[Source data]
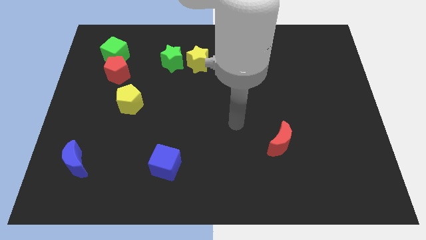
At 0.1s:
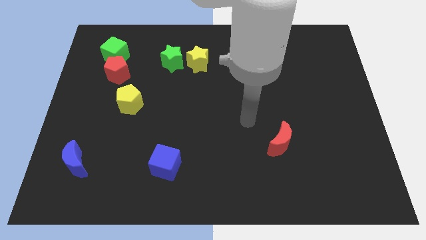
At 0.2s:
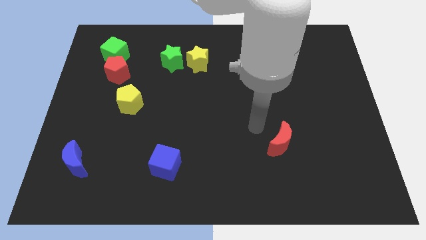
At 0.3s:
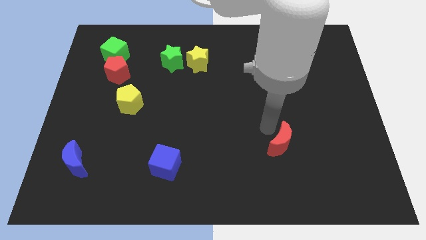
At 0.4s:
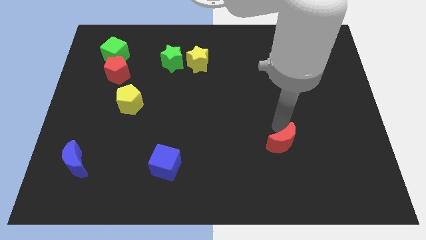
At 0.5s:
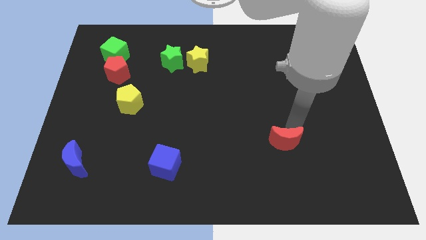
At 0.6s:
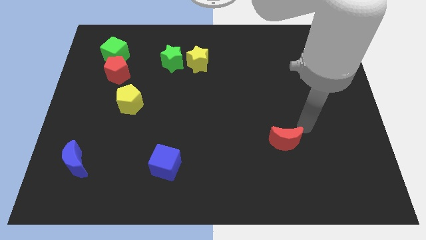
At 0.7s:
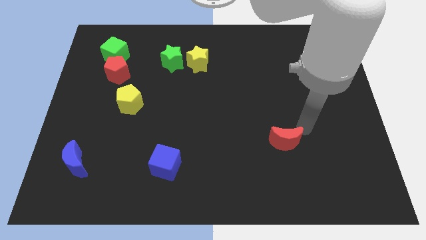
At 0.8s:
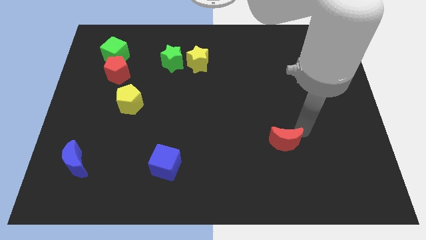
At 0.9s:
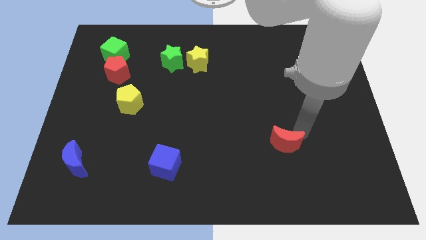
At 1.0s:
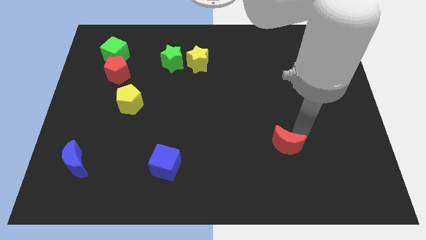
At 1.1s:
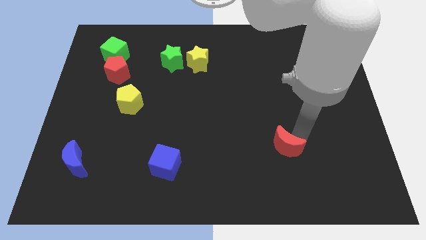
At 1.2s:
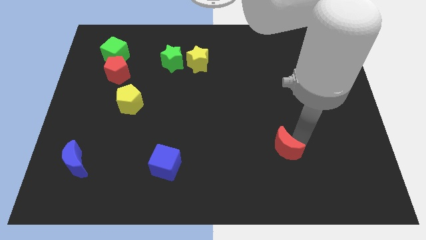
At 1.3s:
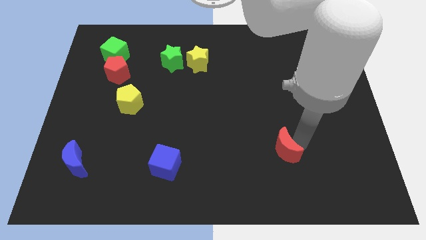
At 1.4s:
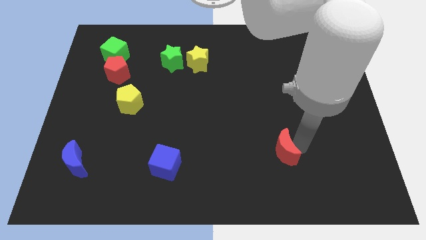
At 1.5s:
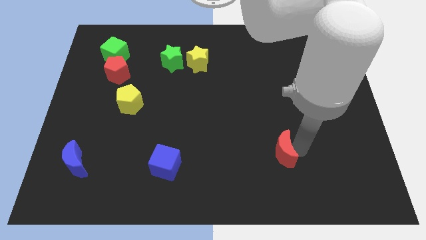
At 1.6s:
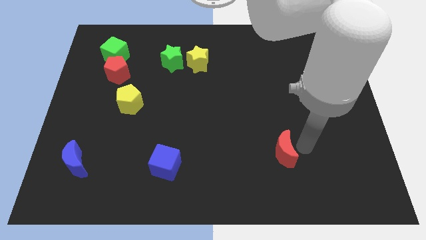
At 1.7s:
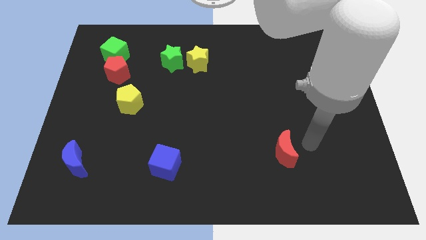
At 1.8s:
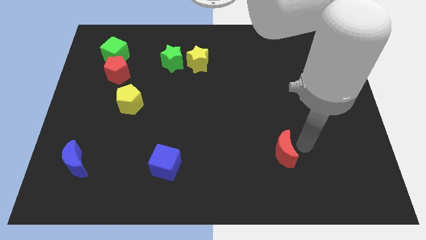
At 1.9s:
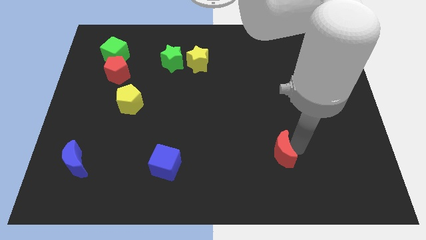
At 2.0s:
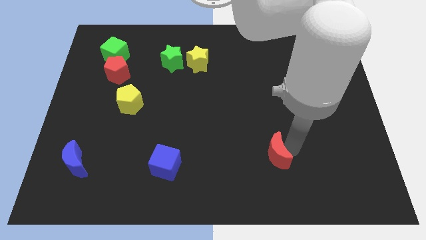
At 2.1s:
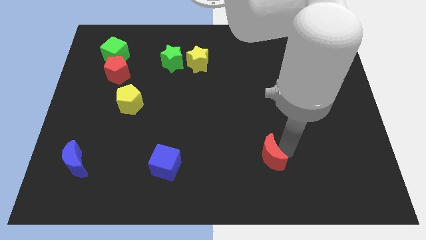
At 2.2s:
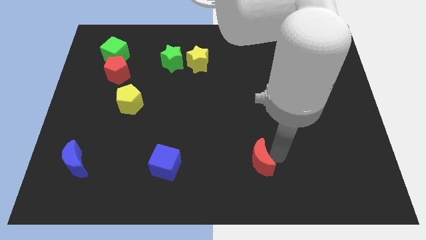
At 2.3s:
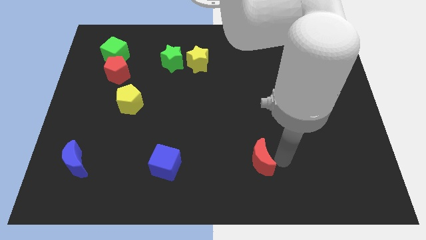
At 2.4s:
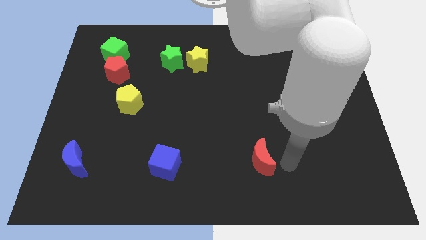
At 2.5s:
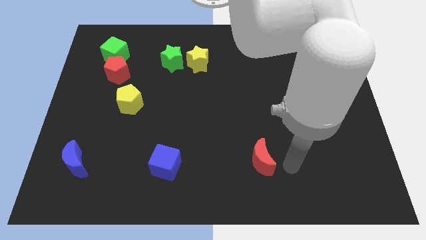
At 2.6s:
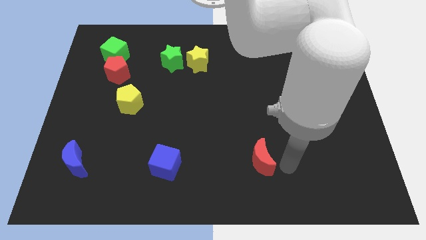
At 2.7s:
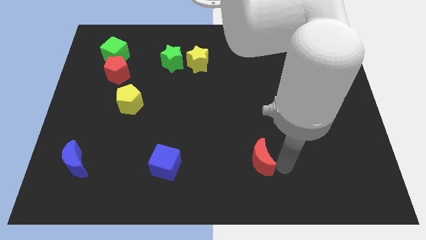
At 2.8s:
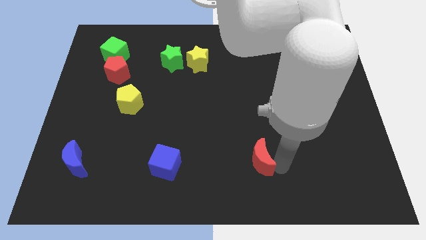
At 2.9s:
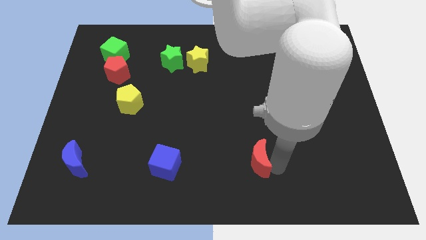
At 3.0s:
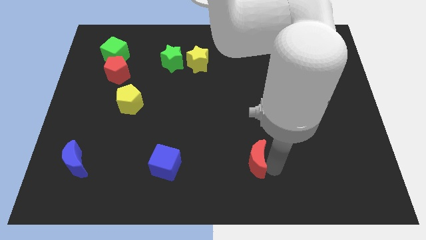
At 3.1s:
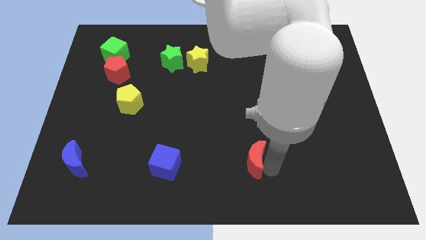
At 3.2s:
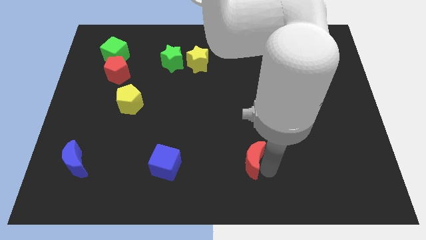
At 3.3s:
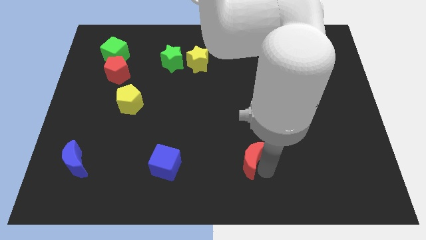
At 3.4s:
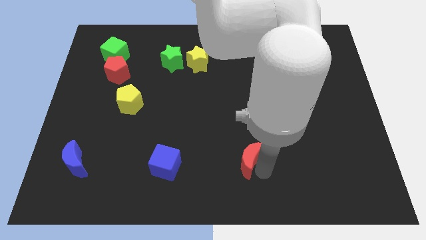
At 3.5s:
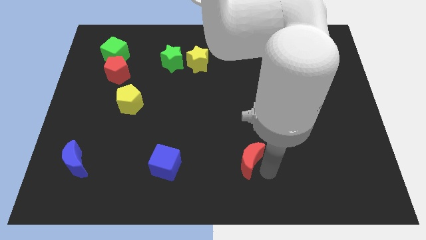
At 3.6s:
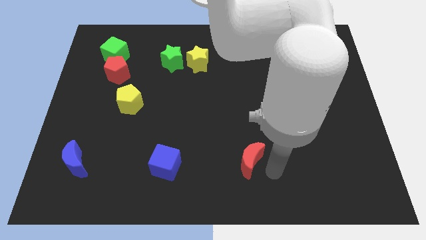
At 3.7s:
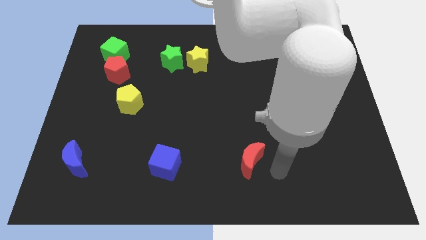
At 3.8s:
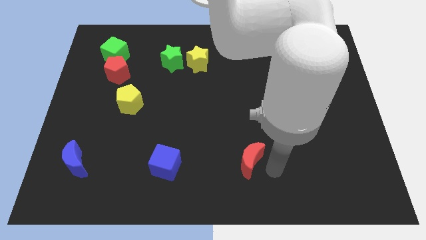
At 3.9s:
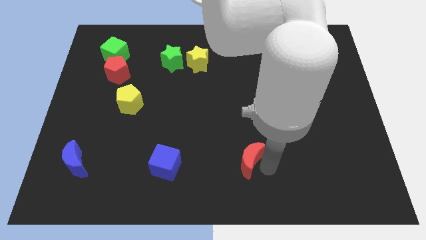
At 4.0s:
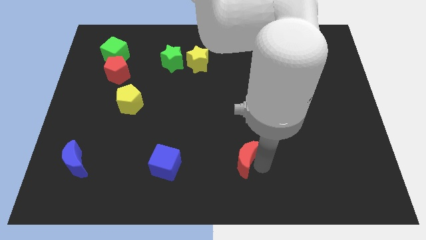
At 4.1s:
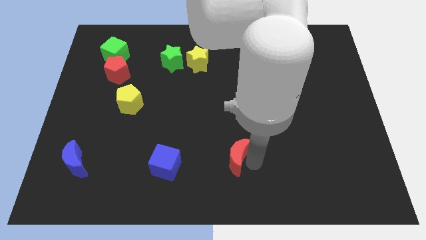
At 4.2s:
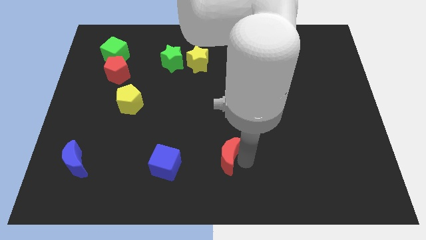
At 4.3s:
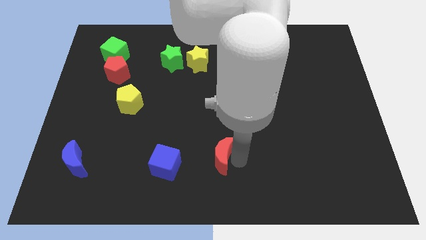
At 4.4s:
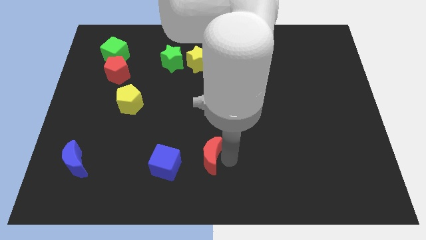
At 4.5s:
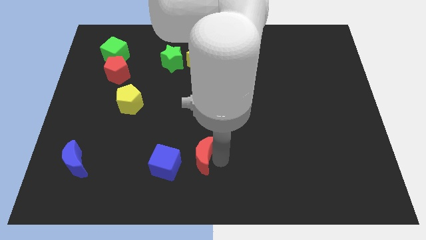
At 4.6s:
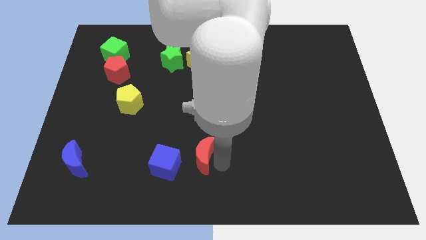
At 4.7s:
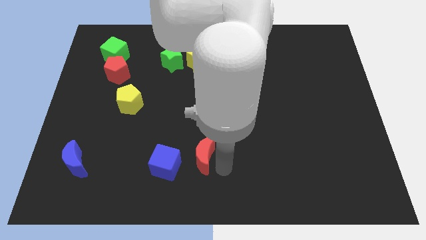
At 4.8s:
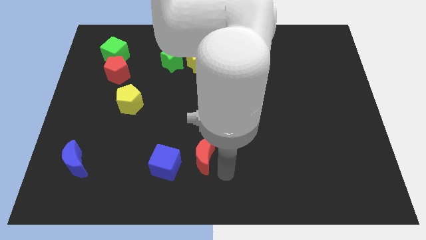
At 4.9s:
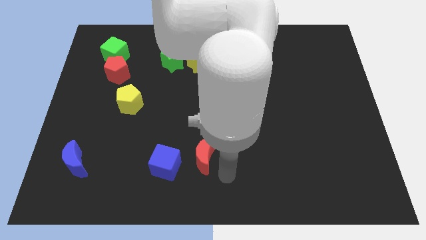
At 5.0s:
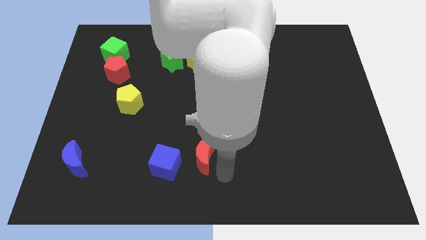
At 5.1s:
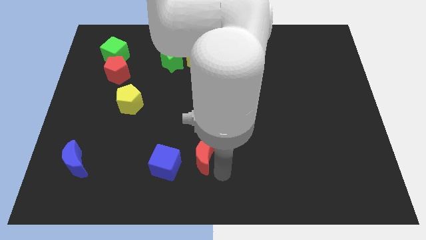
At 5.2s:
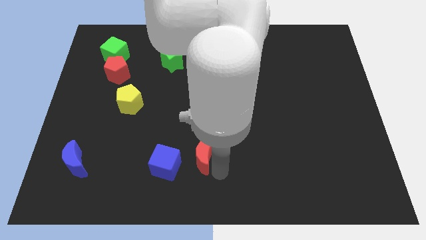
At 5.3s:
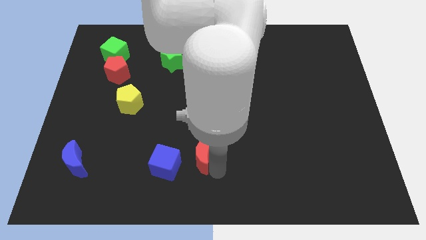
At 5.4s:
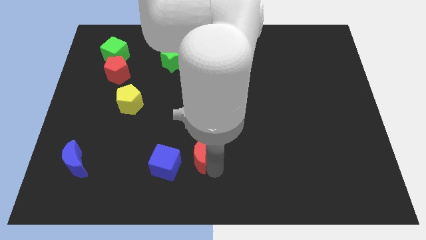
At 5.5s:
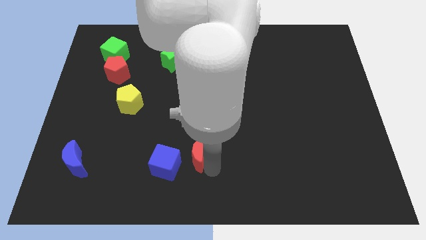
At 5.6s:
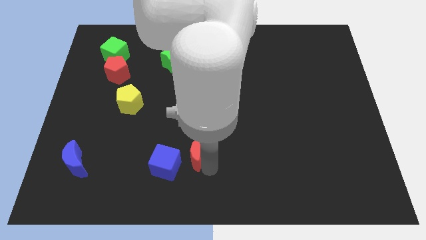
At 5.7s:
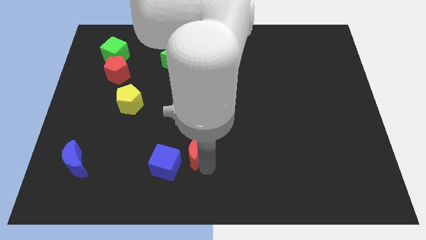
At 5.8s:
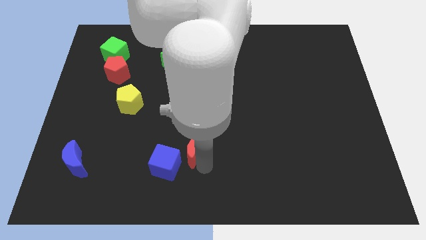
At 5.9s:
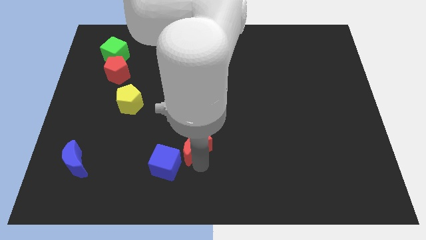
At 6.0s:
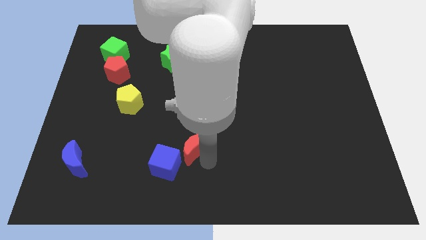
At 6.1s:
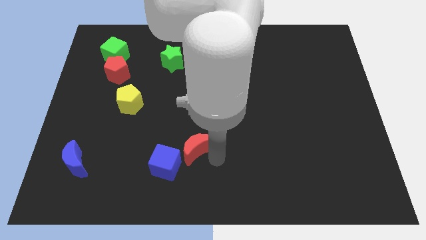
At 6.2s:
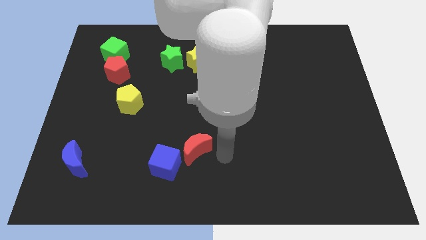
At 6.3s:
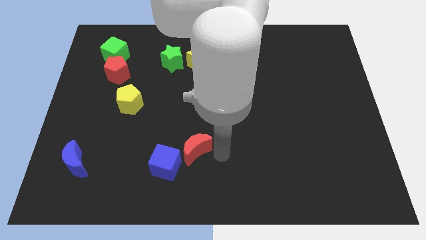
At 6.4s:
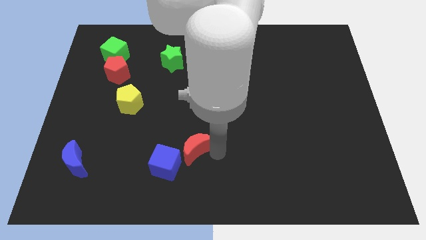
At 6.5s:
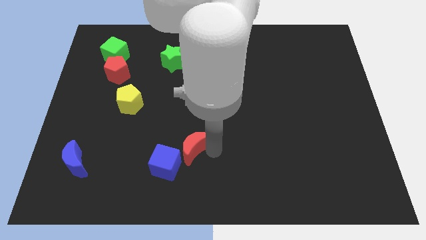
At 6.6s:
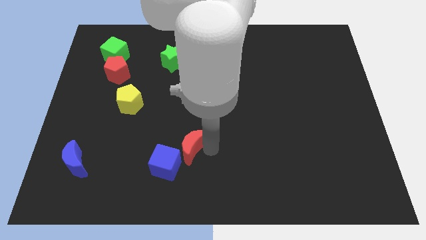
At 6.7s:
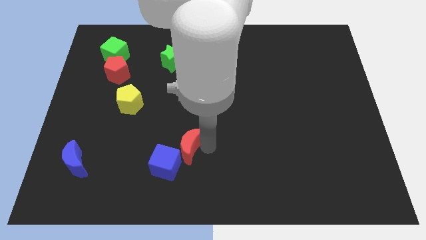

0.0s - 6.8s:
slide the red moon to the left

__Exercise brief__
Quote the records in their entirety, keeping the wording exact and excluding pictures.

__Result for this task__
At 0.1s:
At 0.2s:
At 0.3s:
At 0.4s:
At 0.5s:
At 0.6s:
At 0.7s:
At 0.8s:
At 0.9s:
At 1.0s:
At 1.1s:
At 1.2s:
At 1.3s:
At 1.4s:
At 1.5s:
At 1.6s:
At 1.7s:
At 1.8s:
At 1.9s:
At 2.0s:
At 2.1s:
At 2.2s:
At 2.3s:
At 2.4s:
At 2.5s:
At 2.6s:
At 2.7s:
At 2.8s:
At 2.9s:
At 3.0s:
At 3.1s:
At 3.2s:
At 3.3s:
At 3.4s:
At 3.5s:
At 3.6s:
At 3.7s:
At 3.8s:
At 3.9s:
At 4.0s:
At 4.1s:
At 4.2s:
At 4.3s:
At 4.4s:
At 4.5s:
At 4.6s:
At 4.7s:
At 4.8s:
At 4.9s:
At 5.0s:
At 5.1s:
At 5.2s:
At 5.3s:
At 5.4s:
At 5.5s:
At 5.6s:
At 5.7s:
At 5.8s:
At 5.9s:
At 6.0s:
At 6.1s:
At 6.2s:
At 6.3s:
At 6.4s:
At 6.5s:
At 6.6s:
At 6.7s:

0.0s - 6.8s:
slide the red moon to the left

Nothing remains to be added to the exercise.